Comment by ctenb

6 months ago

I stopped after the first 3 slides, since the information density is too low and the animation too slow.

This article definitely wins my award for the most unnecessary scrolljacking -- the animations add no value, are too short, and only serve to delay being to read further in the article.

> the information density is too low

You failed the marshmallow test [1]. There is a traditional, long-form article that presents a rewarding read.

[1] https://en.m.wikipedia.org/wiki/Stanford_marshmallow_experim...

  • Marshmallow test assumes the payoff exists and is worth it. Does it? Is it? IDK and I don't want to waste time finding out. I'm far more interested in information-dense sources that let me find out if I want to know what it's offering. That's why journal articles have abstracts.

  • This article is ADHD-walled. The long load time, the weird slide show. Then the first page has a jittery animation that makes it impossible for me to actually focus on reading the article.

    It's less of a marshmallow thing (though I often fail that test) and more of an overwhelming impression that the article does not want me to read it.

    • > This article is ADHD-walled

      I mean yes, folks with untreated ADHD would fail a marshmallow test. Marshmallow test failure doesn’t mean you’re a bad person. It simply signifies impatience and trust issues.

  • The kid can see the marshmallow. I can’t see the payoff from this article.

    The kid knows what the payoff is.

    The payoff here is unknown.

  • I really hate how articles are starting with full page slides and animations now. This is the third article that I've seen this week following the format. I suppose since two of those three were on the HN front page it's a format that works, but I guess I'm not the target audience.

    • This one is different from most. The visual design is consistent, engaging, and well done. The pictures are relevant and interesting and complement the text.

      I agree that most articles that start with slides are just dross, this one is an exception.

  • The article fails the marshmallow test - it needs to convince people that there is a traditional, long-form article that will be a rewarding read from the start.

    Only then is the test relevant to humans. Otherwise, all that's really being tested is the reader's trust in the publisher.

  • >You failed the marshmallow test [1]. There is a traditional, long-form article that presents a rewarding read.

    I didn't downvote but reading an unknown article with unknown or non-existent payoff is not the same premise as The Marshmallow Test because the Stanford experiment explicitly specifies the "reward" upfront: ">, a child was offered a choice between one small but immediate reward, or two small rewards if they waited for a period of time."

    In contrast, reading unfamiliar articles to _maybe_ get a "reward" is a Bayesian Probability. As the one reads each sentence that's not engaging, the expectation that there might be a "reward" at the end is tainted by the fact that most long articles in the past that reader forced themselves to finish didn't present a worthwhile reward at the end.

    Now, if JumpCrisscross explicitly told the reader that there would be a guaranteed mind-blowing insight payoff at the end of the long article before the reader started it, then the test of that patience would be closer to The Marshmallow test.

    • It’s not a random article.

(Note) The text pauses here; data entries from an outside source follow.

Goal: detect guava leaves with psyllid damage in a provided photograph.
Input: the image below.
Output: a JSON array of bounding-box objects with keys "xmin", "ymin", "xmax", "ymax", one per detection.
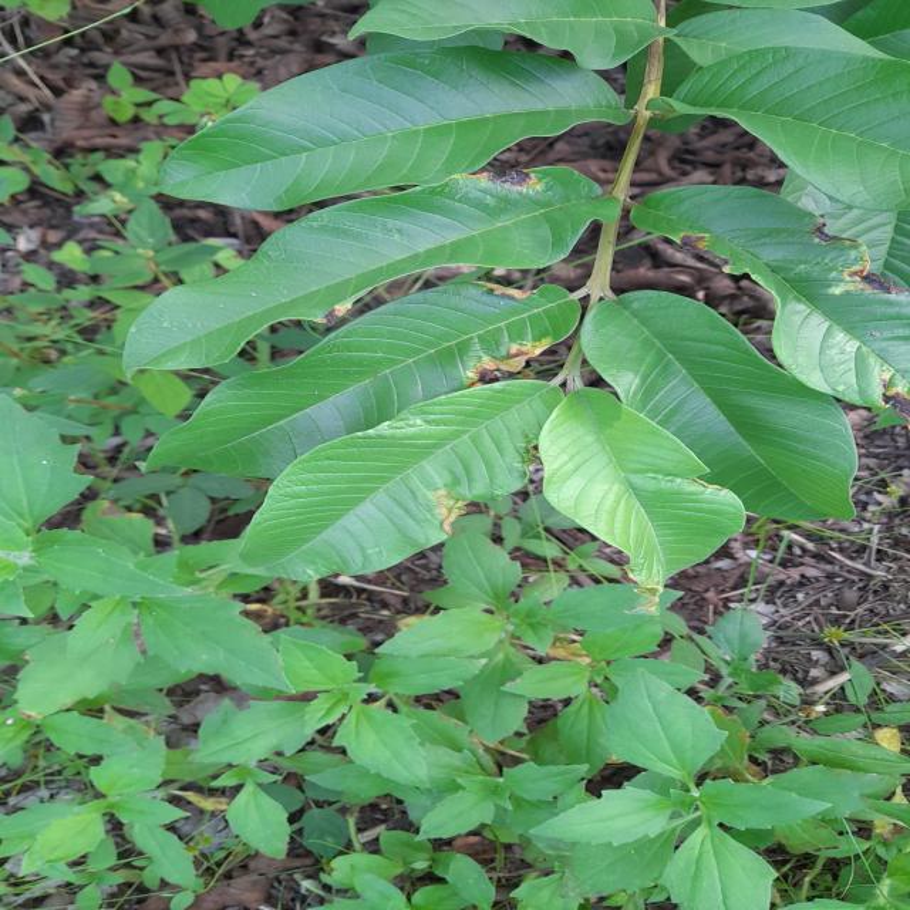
[
  {"xmin": 175, "ymin": 378, "xmax": 563, "ymax": 587},
  {"xmin": 111, "ymin": 154, "xmax": 644, "ymax": 388}
]
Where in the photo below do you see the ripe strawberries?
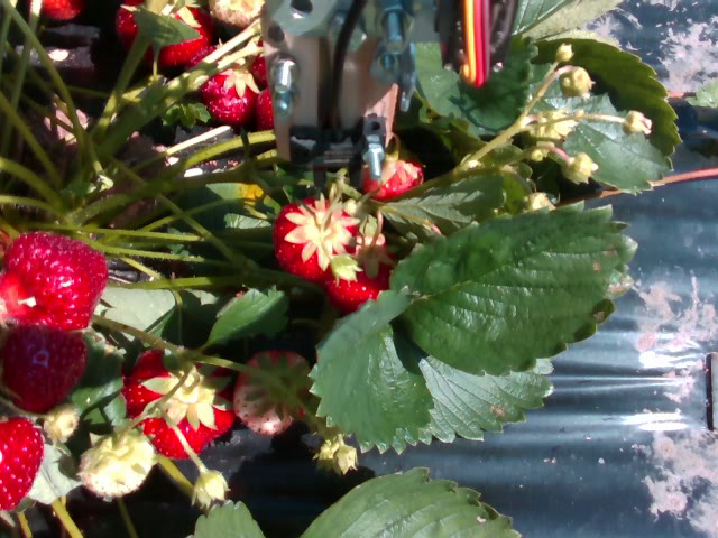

It’s been upvoted to the HN front page.

      > if JumpCrisscross explicitly told the reader that there would be a guaranteed mind-blowing insight payoff at the end

      I literally said it’s “a rewarding read.”

      7 replies →

  • That's not failing the marshmallow test, because the reward is obvious at the start of the test.

    Is the reward obvious for reading any random article? No, but it may be there. But I sincerely doubt that you, or anyone, devotes themselves to consuming 100% of the content they come across on the internet, in hopes for a payoff(which may never come) in the end.

  • Rather the article failed him.

    I closed the page at "from banks to government to TikTok", of all the glorious applications of a world wide network, the most glaring is teenagers making dance videos.